Once the market decides to sell, everything tends to accelerate, he explained.

"Shipowners start to panic in the physical market, the FFA market also panics, therefore the shipowners see the FFAs go down and it goes faster and faster," he went on.

"That's why we have this massive drop — because the equilibrium at which you reach $86,000 per day is fragile, very fragile," he said, referring to the spot market's zenith.

This acceleration effect was visible in the FFA market last week, according to Kerry Deal, head of business development at Freight Investor Services.

"The fall in capes [last] week was admittedly steeper than some expected, with a storm of bad news driving sentiment lower on the paper, which included further issues at Evergrande, concerns on further Chinese steel production curbs, and Vale trimming down [fourth-quarter] production guidance against falling iron ore prices," Deal told TradeWinds.

OPTIONS TRADING: A SIGN OF VOLATILE TIMES

A spike in options trading is simply a sign of the times, according to Alex Pereira-Inacio, managing director of strategy at specialist derivatives broker Freight Investor Services (FIS).

"The incredible volumes of option trading we’ve seen this year has reflected the volatility in the FFA market," he told TradeWinds.

Pereira-Inacio said that questions surrounding the outlook of the capesize market will continue to factor into this volatility.

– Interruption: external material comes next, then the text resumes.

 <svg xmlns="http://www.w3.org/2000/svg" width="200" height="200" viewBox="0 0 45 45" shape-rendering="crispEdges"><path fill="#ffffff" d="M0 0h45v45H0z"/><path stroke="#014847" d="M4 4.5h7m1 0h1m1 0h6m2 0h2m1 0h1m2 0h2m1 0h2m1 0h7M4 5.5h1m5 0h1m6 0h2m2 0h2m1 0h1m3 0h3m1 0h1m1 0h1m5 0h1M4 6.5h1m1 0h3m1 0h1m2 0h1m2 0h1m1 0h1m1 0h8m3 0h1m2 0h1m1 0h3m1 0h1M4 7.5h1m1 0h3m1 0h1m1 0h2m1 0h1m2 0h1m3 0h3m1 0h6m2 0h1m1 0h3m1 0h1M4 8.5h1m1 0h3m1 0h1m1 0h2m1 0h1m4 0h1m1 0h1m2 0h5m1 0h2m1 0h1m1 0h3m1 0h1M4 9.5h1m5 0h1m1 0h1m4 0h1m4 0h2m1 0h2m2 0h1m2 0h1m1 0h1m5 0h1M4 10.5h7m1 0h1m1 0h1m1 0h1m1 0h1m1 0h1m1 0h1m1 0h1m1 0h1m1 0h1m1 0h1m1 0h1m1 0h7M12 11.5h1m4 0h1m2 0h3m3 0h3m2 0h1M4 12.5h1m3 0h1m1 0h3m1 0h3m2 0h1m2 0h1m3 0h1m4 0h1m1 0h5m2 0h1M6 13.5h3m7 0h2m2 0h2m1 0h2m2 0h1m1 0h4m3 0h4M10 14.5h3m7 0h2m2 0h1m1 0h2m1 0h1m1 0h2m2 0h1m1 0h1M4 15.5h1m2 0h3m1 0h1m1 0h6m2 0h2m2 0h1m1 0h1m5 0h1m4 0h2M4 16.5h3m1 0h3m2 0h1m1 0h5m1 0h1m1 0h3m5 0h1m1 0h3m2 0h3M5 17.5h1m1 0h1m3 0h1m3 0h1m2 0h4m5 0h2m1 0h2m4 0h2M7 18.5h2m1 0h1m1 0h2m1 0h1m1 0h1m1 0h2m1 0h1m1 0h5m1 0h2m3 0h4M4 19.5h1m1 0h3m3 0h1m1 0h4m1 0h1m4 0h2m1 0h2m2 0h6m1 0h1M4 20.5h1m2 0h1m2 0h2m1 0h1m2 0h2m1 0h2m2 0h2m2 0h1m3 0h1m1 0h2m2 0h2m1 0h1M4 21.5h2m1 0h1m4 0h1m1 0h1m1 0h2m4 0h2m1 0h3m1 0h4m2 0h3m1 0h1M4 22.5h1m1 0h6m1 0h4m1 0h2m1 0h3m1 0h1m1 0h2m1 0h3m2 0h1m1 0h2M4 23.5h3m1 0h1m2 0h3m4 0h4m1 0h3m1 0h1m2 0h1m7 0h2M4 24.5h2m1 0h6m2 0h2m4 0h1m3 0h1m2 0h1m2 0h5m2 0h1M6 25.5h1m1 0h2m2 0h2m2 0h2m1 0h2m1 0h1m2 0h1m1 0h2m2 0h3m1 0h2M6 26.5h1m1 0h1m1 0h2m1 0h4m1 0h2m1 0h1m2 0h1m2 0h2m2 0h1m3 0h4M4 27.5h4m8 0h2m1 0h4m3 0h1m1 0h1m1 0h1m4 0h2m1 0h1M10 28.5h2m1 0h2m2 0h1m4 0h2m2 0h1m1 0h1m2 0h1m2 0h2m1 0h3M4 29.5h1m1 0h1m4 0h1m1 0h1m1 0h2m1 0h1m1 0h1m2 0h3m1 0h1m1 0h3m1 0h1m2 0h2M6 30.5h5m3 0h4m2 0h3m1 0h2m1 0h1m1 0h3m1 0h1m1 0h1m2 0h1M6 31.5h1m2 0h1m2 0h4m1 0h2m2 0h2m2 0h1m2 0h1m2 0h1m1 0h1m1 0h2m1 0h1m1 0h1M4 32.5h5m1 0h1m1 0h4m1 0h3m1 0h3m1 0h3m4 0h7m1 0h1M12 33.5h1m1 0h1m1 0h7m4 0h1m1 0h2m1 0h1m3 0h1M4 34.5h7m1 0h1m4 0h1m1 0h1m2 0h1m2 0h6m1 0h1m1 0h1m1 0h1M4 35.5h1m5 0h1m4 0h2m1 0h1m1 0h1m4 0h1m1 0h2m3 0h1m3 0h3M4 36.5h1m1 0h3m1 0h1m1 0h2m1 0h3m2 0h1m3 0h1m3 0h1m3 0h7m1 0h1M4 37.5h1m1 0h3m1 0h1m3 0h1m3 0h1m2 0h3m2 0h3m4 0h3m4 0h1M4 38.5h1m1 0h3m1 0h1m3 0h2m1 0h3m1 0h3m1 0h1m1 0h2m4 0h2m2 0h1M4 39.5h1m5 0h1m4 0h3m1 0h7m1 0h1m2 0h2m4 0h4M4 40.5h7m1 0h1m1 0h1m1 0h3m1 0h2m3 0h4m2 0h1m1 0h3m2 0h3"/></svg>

"With the disruptions we are witnessing in the supply chain and the relatively light order book for newbuilds due to questions over what fuel is to be used, it seems that we are in a period of potentially sustained heightened rates and volatility," he explained.

"With that in mind options can be the sensible way to express a view amidst such volatility, as you know your premium costs up front."

But the growth in options trading has primarily been focused on the smaller bulkers, according Kerry Deal, FIS's head of business development.

Supramax option volumes are up by 86% year on year and panamax options are up by 31%, which Deal said is "healthy for the market, and reflective of the volatility, rather than driving it".

Overall futures volumes have increased year on year, Pereira-Inacio said.

"Year to date, we have seen a 50% increase in cape volumes, 70% increase in panamax (now over 1 million lots cleared), and 95% increase in supramax on last year," he said.